TRACE _function-spec_ &KEY (:BREAK NIL) _[Macro]_

TRACE

UNTRACE _function-spec_	_[Macro]_

UNTRACE

Invoking TRACE with a function specification causes the function specified
to be traced. Henceforth, whenever the specified function is invoked,
information about the call, the arguments passed, and the returned
values, if any, will be printed to the stream that is the value of
*TRACE-OUTPUT*. If the keyword argument :BREAK is T, then the BREAK
function will be called after the trace information is printed. 
UNTRACE undoes any tracing. Calling TRACE without any arguments
prints a list of currently traced executable entities, calling
UNTRACE without any arguments causes tracing to be undone for
all currently traced entities.

A _function_spec_ is either a symbol naming a function (i.e. a
symbol whose global function cell is bound to a function definition
object, or to which the application of MACRO-FUNCTION will return
a function definition object) or a list whose first element indicates
what kind of funcallable object is to be traced and whose tail indicates
which particular function should be traced. The complete set of
function specifications will necessarily be implementation dependent; however,
every implementation is required to support the following:

	_symbol_-Invocations of the function or macrofunction named by
	         _symbol_ via. _symbol_ as a global name are traced.

	(METHOD _generic-function-name-specification_
                _{method-qualifiers}_* 
	        _parameter-specializer-name-list_
        )
	If the method whose parameter specializer list, generic function
	name specification, and method qualifiers are listed is tracable,
	then invocations through the generic function name specification 
	will be traced.

	(SETF _symbol_)-If the SETF function having the name specification
	is tracable, it will be traced (see proposal SETF-CLOS for
	more information on SETF name specifications).

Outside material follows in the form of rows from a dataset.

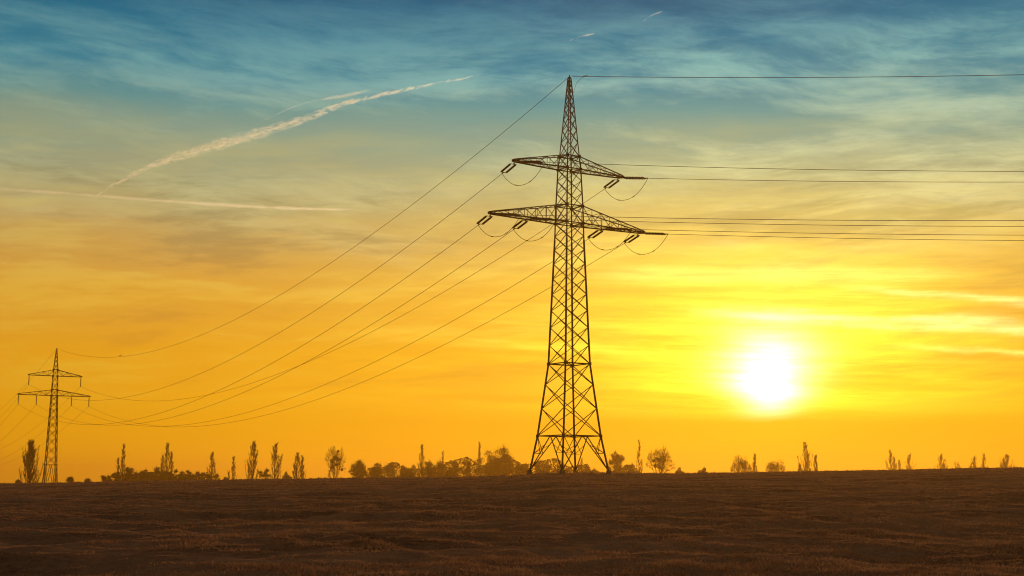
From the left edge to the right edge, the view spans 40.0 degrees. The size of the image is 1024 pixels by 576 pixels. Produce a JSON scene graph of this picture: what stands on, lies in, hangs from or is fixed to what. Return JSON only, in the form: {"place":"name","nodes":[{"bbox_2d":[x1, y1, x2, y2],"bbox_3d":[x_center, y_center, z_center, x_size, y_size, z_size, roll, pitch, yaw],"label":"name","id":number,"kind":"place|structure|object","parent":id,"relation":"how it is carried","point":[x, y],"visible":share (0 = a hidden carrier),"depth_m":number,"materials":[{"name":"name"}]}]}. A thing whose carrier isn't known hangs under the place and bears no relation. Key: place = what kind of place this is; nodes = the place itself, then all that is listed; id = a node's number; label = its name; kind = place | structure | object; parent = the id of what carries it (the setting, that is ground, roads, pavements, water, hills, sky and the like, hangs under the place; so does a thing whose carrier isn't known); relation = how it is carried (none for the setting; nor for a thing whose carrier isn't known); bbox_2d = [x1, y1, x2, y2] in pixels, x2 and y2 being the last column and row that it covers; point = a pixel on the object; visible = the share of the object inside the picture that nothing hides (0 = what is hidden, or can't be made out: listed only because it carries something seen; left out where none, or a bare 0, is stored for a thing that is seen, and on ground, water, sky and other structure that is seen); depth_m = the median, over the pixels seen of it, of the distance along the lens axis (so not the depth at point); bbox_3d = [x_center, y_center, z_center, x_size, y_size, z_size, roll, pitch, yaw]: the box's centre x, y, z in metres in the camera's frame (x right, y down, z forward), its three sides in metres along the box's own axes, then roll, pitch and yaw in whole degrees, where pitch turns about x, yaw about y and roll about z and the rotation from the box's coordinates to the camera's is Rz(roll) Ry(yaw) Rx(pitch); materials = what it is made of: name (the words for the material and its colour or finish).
{"place":"outdoors","nodes":[
{"label":"outdoors","id":0,"kind":"place"},
{"bbox_2d":[0,466,1023,575],"bbox_3d":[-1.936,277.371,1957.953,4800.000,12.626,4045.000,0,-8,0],"label":"ground","id":1,"kind":"structure","parent":0,"point":[40,562],"depth_m":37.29,"materials":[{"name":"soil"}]},
{"bbox_2d":[19,438,43,482],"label":"poplar tree","id":2,"kind":"object","parent":1,"relation":"on","point":[28,454],"visible":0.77,"depth_m":415.70,"materials":[{"name":"brown plant"}]},
{"bbox_2d":[17,348,90,482],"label":"lattice pylon","id":3,"kind":"object","parent":1,"relation":"on","point":[45,474],"visible":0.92,"depth_m":388.43,"materials":[{"name":"metal"}]},
{"bbox_2d":[65,476,73,481],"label":"bush","id":4,"kind":"object","parent":1,"relation":"on","point":[70,478],"visible":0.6,"depth_m":474.91,"materials":[{"name":"brown plant"}]},
{"bbox_2d":[100,475,112,481],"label":"bush","id":5,"kind":"object","parent":1,"relation":"on","point":[103,478],"visible":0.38,"depth_m":554.31,"materials":[{"name":"brown plant"}]},
{"bbox_2d":[108,470,126,481],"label":"leafy tree","id":6,"kind":"object","parent":1,"relation":"on","point":[115,475],"visible":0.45,"depth_m":553.87,"materials":[{"name":"brown plant"}]},
{"bbox_2d":[115,443,127,480],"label":"poplar tree","id":7,"kind":"object","parent":1,"relation":"on","point":[122,463],"visible":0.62,"depth_m":555.16,"materials":[{"name":"brown plant"}]},
{"bbox_2d":[125,466,138,480],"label":"leafy tree","id":8,"kind":"object","parent":1,"relation":"on","point":[129,470],"visible":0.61,"depth_m":555.09,"materials":[{"name":"brown plant"}]},
{"bbox_2d":[135,469,153,480],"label":"leafy tree","id":9,"kind":"object","parent":1,"relation":"on","point":[142,478],"visible":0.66,"depth_m":552.98,"materials":[{"name":"brown plant"}]},
{"bbox_2d":[152,466,165,480],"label":"leafy tree","id":10,"kind":"object","parent":1,"relation":"on","point":[156,470],"visible":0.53,"depth_m":554.03,"materials":[{"name":"brown plant"}]},
{"bbox_2d":[120,471,207,480],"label":"undergrowth","id":11,"kind":"object","parent":1,"relation":"on","point":[176,476],"visible":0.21,"depth_m":553.26,"materials":[{"name":"brown plant"}]},
{"bbox_2d":[159,442,175,479],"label":"poplar tree","id":12,"kind":"object","parent":1,"relation":"on","point":[167,453],"visible":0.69,"depth_m":555.43,"materials":[{"name":"brown plant"}]},
{"bbox_2d":[164,469,179,480],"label":"leafy tree","id":13,"kind":"object","parent":1,"relation":"on","point":[176,471],"visible":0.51,"depth_m":553.79,"materials":[{"name":"brown plant"}]},
{"bbox_2d":[178,470,194,479],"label":"leafy tree","id":14,"kind":"object","parent":1,"relation":"on","point":[182,473],"visible":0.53,"depth_m":554.39,"materials":[{"name":"brown plant"}]},
{"bbox_2d":[192,471,205,479],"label":"leafy tree","id":15,"kind":"object","parent":1,"relation":"on","point":[197,474],"visible":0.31,"depth_m":553.69,"materials":[{"name":"brown plant"}]},
{"bbox_2d":[207,451,216,479],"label":"poplar tree","id":16,"kind":"object","parent":1,"relation":"on","point":[211,465],"visible":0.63,"depth_m":555.20,"materials":[{"name":"brown plant"}]},
{"bbox_2d":[206,473,219,479],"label":"bush","id":17,"kind":"object","parent":1,"relation":"on","point":[216,476],"visible":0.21,"depth_m":554.55,"materials":[{"name":"brown plant"}]},
{"bbox_2d":[228,456,237,479],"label":"poplar tree","id":18,"kind":"object","parent":1,"relation":"on","point":[233,467],"visible":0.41,"depth_m":555.30,"materials":[{"name":"brown plant"}]},
{"bbox_2d":[245,440,260,478],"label":"poplar tree","id":19,"kind":"object","parent":1,"relation":"on","point":[253,453],"visible":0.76,"depth_m":535.64,"materials":[{"name":"brown plant"}]},
{"bbox_2d":[258,469,269,478],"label":"bush","id":20,"kind":"object","parent":1,"relation":"on","point":[265,475],"visible":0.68,"depth_m":539.60,"materials":[{"name":"brown plant"}]},
{"bbox_2d":[269,442,282,478],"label":"poplar tree","id":21,"kind":"object","parent":1,"relation":"on","point":[274,457],"visible":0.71,"depth_m":535.67,"materials":[{"name":"brown plant"}]},
{"bbox_2d":[282,472,292,478],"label":"bush","id":22,"kind":"object","parent":1,"relation":"on","point":[286,476],"visible":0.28,"depth_m":539.73,"materials":[{"name":"brown plant"}]},
{"bbox_2d":[292,452,305,478],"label":"poplar tree","id":23,"kind":"object","parent":1,"relation":"on","point":[296,470],"visible":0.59,"depth_m":535.36,"materials":[{"name":"brown plant"}]},
{"bbox_2d":[324,446,345,477],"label":"bare tree","id":24,"kind":"object","parent":1,"relation":"on","point":[334,465],"visible":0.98,"depth_m":495.75,"materials":[{"name":"brown plant"}]},
{"bbox_2d":[348,459,367,477],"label":"leafy tree","id":25,"kind":"object","parent":1,"relation":"on","point":[358,469],"visible":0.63,"depth_m":553.80,"materials":[{"name":"brown plant"}]},
{"bbox_2d":[367,463,383,477],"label":"leafy tree","id":26,"kind":"object","parent":1,"relation":"on","point":[374,471],"visible":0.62,"depth_m":563.39,"materials":[{"name":"brown plant"}]},
{"bbox_2d":[383,461,395,477],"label":"leafy tree","id":27,"kind":"object","parent":1,"relation":"on","point":[390,469],"visible":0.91,"depth_m":555.38,"materials":[{"name":"brown plant"}]},
{"bbox_2d":[398,464,415,477],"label":"leafy tree","id":28,"kind":"object","parent":1,"relation":"on","point":[405,472],"visible":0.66,"depth_m":593.21,"materials":[{"name":"brown plant"}]},
{"bbox_2d":[417,444,424,476],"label":"poplar tree","id":29,"kind":"object","parent":1,"relation":"on","point":[422,451],"visible":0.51,"depth_m":635.18,"materials":[{"name":"brown plant"}]},
{"bbox_2d":[420,460,439,476],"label":"leafy tree","id":30,"kind":"object","parent":1,"relation":"on","point":[429,470],"visible":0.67,"depth_m":593.58,"materials":[{"name":"brown plant"}]},
{"bbox_2d":[433,458,462,476],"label":"leafy tree","id":31,"kind":"object","parent":1,"relation":"on","point":[454,472],"visible":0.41,"depth_m":592.75,"materials":[{"name":"brown plant"}]},
{"bbox_2d":[462,461,478,475],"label":"leafy tree","id":32,"kind":"object","parent":1,"relation":"on","point":[470,469],"visible":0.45,"depth_m":604.20,"materials":[{"name":"brown plant"}]},
{"bbox_2d":[367,456,591,477],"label":"undergrowth","id":33,"kind":"object","parent":1,"relation":"on","point":[548,461],"visible":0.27,"depth_m":599.36,"materials":[{"name":"brown plant"}]},
{"bbox_2d":[476,441,482,475],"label":"poplar tree","id":34,"kind":"object","parent":1,"relation":"on","point":[479,451],"visible":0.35,"depth_m":675.14,"materials":[{"name":"brown plant"}]},
{"bbox_2d":[475,444,517,475],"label":"leafy tree","id":35,"kind":"object","parent":1,"relation":"on","point":[496,467],"visible":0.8,"depth_m":582.59,"materials":[{"name":"brown plant"}]},
{"bbox_2d":[510,463,529,474],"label":"leafy tree","id":36,"kind":"object","parent":1,"relation":"on","point":[522,469],"visible":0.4,"depth_m":602.42,"materials":[{"name":"brown plant"}]},
{"bbox_2d":[535,459,552,472],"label":"leafy tree","id":37,"kind":"object","parent":1,"relation":"on","point":[543,467],"visible":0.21,"depth_m":613.08,"materials":[{"name":"brown plant"}]},
{"bbox_2d":[476,75,667,474],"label":"lattice pylon","id":38,"kind":"object","parent":1,"relation":"on","point":[556,205],"visible":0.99,"depth_m":143.39,"materials":[{"name":"metal"}]},
{"bbox_2d":[23,225,477,424],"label":"conductor wire","id":39,"kind":"object","parent":38,"relation":"attached to","point":[287,354],"visible":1,"depth_m":186.98,"materials":[{"name":"metal"}]},
{"bbox_2d":[30,175,499,399],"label":"conductor wire","id":40,"kind":"object","parent":38,"relation":"attached to","point":[324,304],"visible":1,"depth_m":181.89,"materials":[{"name":"metal"}]},
{"bbox_2d":[37,230,512,424],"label":"conductor wire","id":41,"kind":"object","parent":38,"relation":"attached to","point":[330,348],"visible":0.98,"depth_m":183.05,"materials":[{"name":"metal"}]},
{"bbox_2d":[68,80,564,356],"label":"earth wire","id":42,"kind":"object","parent":38,"relation":"attached to","point":[378,229],"visible":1,"depth_m":184.47,"materials":[{"name":"metal"}]},
{"bbox_2d":[72,239,587,425],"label":"conductor wire","id":43,"kind":"object","parent":38,"relation":"attached to","point":[375,361],"visible":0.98,"depth_m":194.77,"materials":[{"name":"metal"}]},
{"bbox_2d":[82,189,603,400],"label":"conductor wire","id":44,"kind":"object","parent":38,"relation":"attached to","point":[391,321],"visible":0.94,"depth_m":196.91,"materials":[{"name":"metal"}]},
{"bbox_2d":[97,244,622,426],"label":"conductor wire","id":45,"kind":"object","parent":38,"relation":"attached to","point":[400,365],"visible":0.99,"depth_m":196.33,"materials":[{"name":"metal"}]},
{"bbox_2d":[649,178,880,181],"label":"conductor wire","id":46,"kind":"object","parent":38,"relation":"attached to","point":[775,180],"visible":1,"depth_m":142.88,"materials":[{"name":"metal"}]},
{"bbox_2d":[539,215,1023,220],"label":"conductor wire","id":47,"kind":"object","parent":38,"relation":"attached to","point":[843,220],"visible":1,"depth_m":126.28,"materials":[{"name":"metal"}]},
{"bbox_2d":[550,162,1023,171],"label":"conductor wire","id":48,"kind":"object","parent":38,"relation":"attached to","point":[771,168],"visible":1,"depth_m":132.26,"materials":[{"name":"metal"}]},
{"bbox_2d":[557,219,1023,226],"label":"conductor wire","id":49,"kind":"object","parent":38,"relation":"attached to","point":[794,224],"visible":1,"depth_m":132.22,"materials":[{"name":"metal"}]},
{"bbox_2d":[632,229,951,234],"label":"conductor wire","id":50,"kind":"object","parent":38,"relation":"attached to","point":[818,233],"visible":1,"depth_m":138.70,"materials":[{"name":"metal"}]},
{"bbox_2d":[575,74,1023,77],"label":"earth wire","id":51,"kind":"object","parent":38,"relation":"attached to","point":[786,77],"visible":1,"depth_m":138.86,"materials":[{"name":"metal"}]},
{"bbox_2d":[675,234,1023,240],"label":"conductor wire","id":52,"kind":"object","parent":38,"relation":"attached to","point":[853,238],"visible":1,"depth_m":141.43,"materials":[{"name":"metal"}]},
{"bbox_2d":[606,451,624,472],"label":"leafy tree","id":53,"kind":"object","parent":1,"relation":"on","point":[617,459],"visible":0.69,"depth_m":604.70,"materials":[{"name":"brown plant"}]},
{"bbox_2d":[621,463,638,472],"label":"leafy tree","id":54,"kind":"object","parent":1,"relation":"on","point":[629,467],"visible":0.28,"depth_m":604.71,"materials":[{"name":"brown plant"}]},
{"bbox_2d":[635,440,643,472],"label":"poplar tree","id":55,"kind":"object","parent":1,"relation":"on","point":[638,454],"visible":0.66,"depth_m":595.71,"materials":[{"name":"brown plant"}]},
{"bbox_2d":[645,444,674,472],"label":"bare tree","id":56,"kind":"object","parent":1,"relation":"on","point":[660,464],"visible":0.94,"depth_m":515.47,"materials":[{"name":"brown plant"}]},
{"bbox_2d":[697,468,706,472],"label":"bush","id":57,"kind":"object","parent":1,"relation":"on","point":[702,470],"visible":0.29,"depth_m":514.91,"materials":[{"name":"brown plant"}]},
{"bbox_2d":[730,453,752,472],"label":"bare tree","id":58,"kind":"object","parent":1,"relation":"on","point":[743,465],"visible":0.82,"depth_m":555.10,"materials":[{"name":"brown plant"}]},
{"bbox_2d":[752,452,757,471],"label":"poplar tree","id":59,"kind":"object","parent":1,"relation":"on","point":[754,465],"visible":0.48,"depth_m":550.75,"materials":[{"name":"brown plant"}]},
{"bbox_2d":[765,459,788,471],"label":"bare tree","id":60,"kind":"object","parent":1,"relation":"on","point":[772,467],"visible":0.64,"depth_m":574.41,"materials":[{"name":"brown plant"}]},
{"bbox_2d":[793,441,812,470],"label":"poplar tree","id":61,"kind":"object","parent":1,"relation":"on","point":[806,455],"visible":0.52,"depth_m":575.21,"materials":[{"name":"brown plant"}]},
{"bbox_2d":[812,454,817,470],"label":"poplar tree","id":62,"kind":"object","parent":1,"relation":"on","point":[815,462],"visible":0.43,"depth_m":575.80,"materials":[{"name":"brown plant"}]},
{"bbox_2d":[885,449,896,469],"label":"poplar tree","id":63,"kind":"object","parent":1,"relation":"on","point":[890,460],"visible":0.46,"depth_m":674.94,"materials":[{"name":"brown plant"}]},
{"bbox_2d":[905,454,915,469],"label":"poplar tree","id":64,"kind":"object","parent":1,"relation":"on","point":[908,463],"visible":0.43,"depth_m":684.64,"materials":[{"name":"brown plant"}]},
{"bbox_2d":[934,453,947,468],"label":"poplar tree","id":65,"kind":"object","parent":1,"relation":"on","point":[942,464],"visible":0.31,"depth_m":694.43,"materials":[{"name":"brown plant"}]},
{"bbox_2d":[968,456,977,467],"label":"poplar tree","id":66,"kind":"object","parent":1,"relation":"on","point":[974,465],"visible":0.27,"depth_m":704.64,"materials":[{"name":"brown plant"}]},
{"bbox_2d":[980,454,985,467],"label":"poplar tree","id":67,"kind":"object","parent":1,"relation":"on","point":[983,462],"visible":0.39,"depth_m":705.04,"materials":[{"name":"brown plant"}]},
{"bbox_2d":[1000,454,1014,467],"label":"poplar tree","id":68,"kind":"object","parent":1,"relation":"on","point":[1006,456],"visible":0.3,"depth_m":714.65,"materials":[{"name":"brown plant"}]},
{"bbox_2d":[0,0,1023,483],"label":"sky","id":69,"kind":"structure","parent":0,"point":[170,170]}
]}

Implementations are encouraged to provide for tracing of as many
funcallable objects as possible.

Rationale:

Adoption of the Common Lisp Object System will require the availability
of debugging information on individual methods. 

Current practice:

Some Common Lisp implementations have extended TRACE syntax to
allow specification of breaks. Currently, the TRACE macro is
specified to take any number of symbols.

Adoption Cost:

The syntax of the TRACE macro will take only one function specification
in order to accomodate the :BREAK key. But, since TRACE tends to
be used interactively at the command langauge level, the impact
on existing code should be slight.

Cost of non-adoption:

Without this, implementation dependent ways of specifying the
:BREAK option would continue to be used. In addition, most
implementors would probably add their own syntax for allowing
programmers to obtain information on individual method invocation.

Benefits:

Allow programmers to obtain information on individual method
invocations.

Conversion Cost:

Minor re-write of the TRACE and UNTRACE macros.